ROANOKE TIMES

                         Roanoke Times
                 Copyright (c) 1995, Landmark Communications, Inc.

DATE: SATURDAY, October 15, 1994                   TAG: 9410180036
SECTION: EDITORIAL                    PAGE: A7   EDITION: METRO 
SOURCE: 
DATELINE:                                 LENGTH: Medium


ON A CONSTITUTIONAL POINT, NORTH IS RIGHT

BEFORE his handlers managed to gag him, Oliver North drew heavy fire this week for calling President Clinton a "yahoo" and a "bonehead" and for saying, as U.S. troops were rushing to Kuwait, that Clinton isn't his commander in chief.

For now anyway, Clinton's moves in the Persian Gulf look better than boneheaded. But on the commander-in-chief bit, North was entirely correct.

Here was the candidate's analysis this week of Saddam Hussein's prospects: "The Iraqis can move with impunity. There's nothing Clinton or our forces can do. We can't repeat Desert Storm. He [Clinton] doesn't have the force he needs if they come across the border. Clinton has created a hollow military, and the Iraqis know that."

Whether the Iraqis know any such thing is questionable; they did not in any event take North's advice. Also questionable was North's wisdom in saying what he did. Still, his critics, including Vice President Al Gore, were unfair to equate the Republican's lamentations about defense-budget cuts with "unpatriotic . . . demeaning of the U.S. military."

And give credit to North for understanding one thing everybody ought to know: that a president is commander in chief only of the military, not of all Americans. The Constitution (Article II, Section 2) is specific on the point, and the point isn't trivial. Occasionally, superpatriots have used their ignorance of it to stifle legitimate dissent.

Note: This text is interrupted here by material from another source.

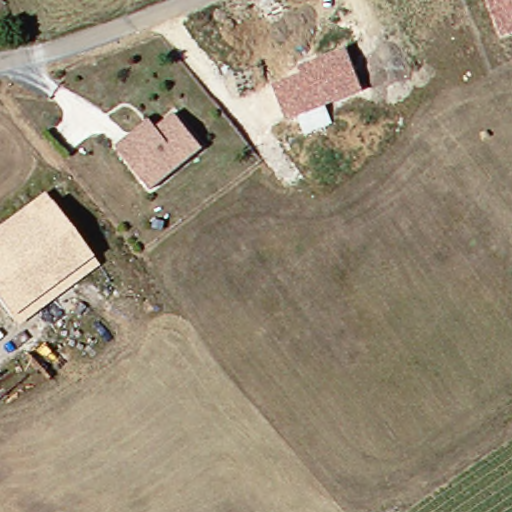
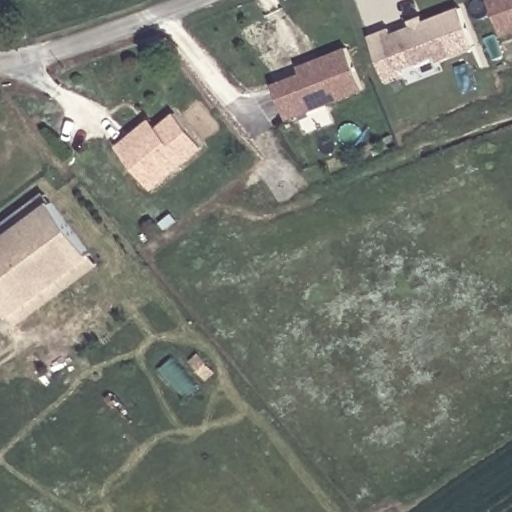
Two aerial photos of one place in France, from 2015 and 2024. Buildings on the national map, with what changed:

In America, as opposed to Iraq, anyone can criticize the executive for any policy, including troop movements. And no citizen, unless in the military, has to take orders from a president.

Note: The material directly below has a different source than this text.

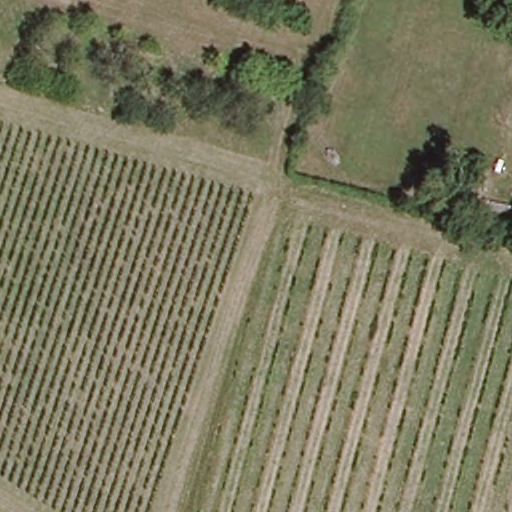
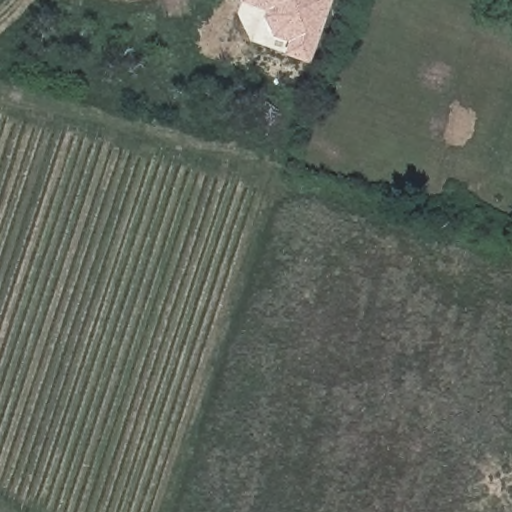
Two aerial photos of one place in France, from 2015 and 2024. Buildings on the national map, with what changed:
new [(238,0),(330,0),(307,63),(282,55),(286,42),(270,37),(261,17),(263,12),(237,2),(238,0)]

This latter fact is connected to the conception of our nation as one of laws, not of men - an exception being, of course, when unaccountable and illegal foreign policy is conducted from the White House basement. If anything, North is to be congratulated for showing appreciation, albeit uncharacteristically, for more of the Constitution than its Fifth Amendment.

Meanwhile, a minor irony: One of North's handlers - presumably among those now trying to quiet the candidate - himself issued a strange remark this week, which should have drawn more notice than it did.

North spokesman Mark Merritt asserted that "it's the height of hypocrisy for Chuck Robb, who took six months off from the campaign," to say that North seems to be wilting from campaign fatigue.

What incumbent Robb was doing for those six months was tending to his Senate duties. Is it North's view that election to the Senate is not about serving as a senator, but about gaining a spot from which to campaign incessantly? That would be a command performance sure to inflict fatigue.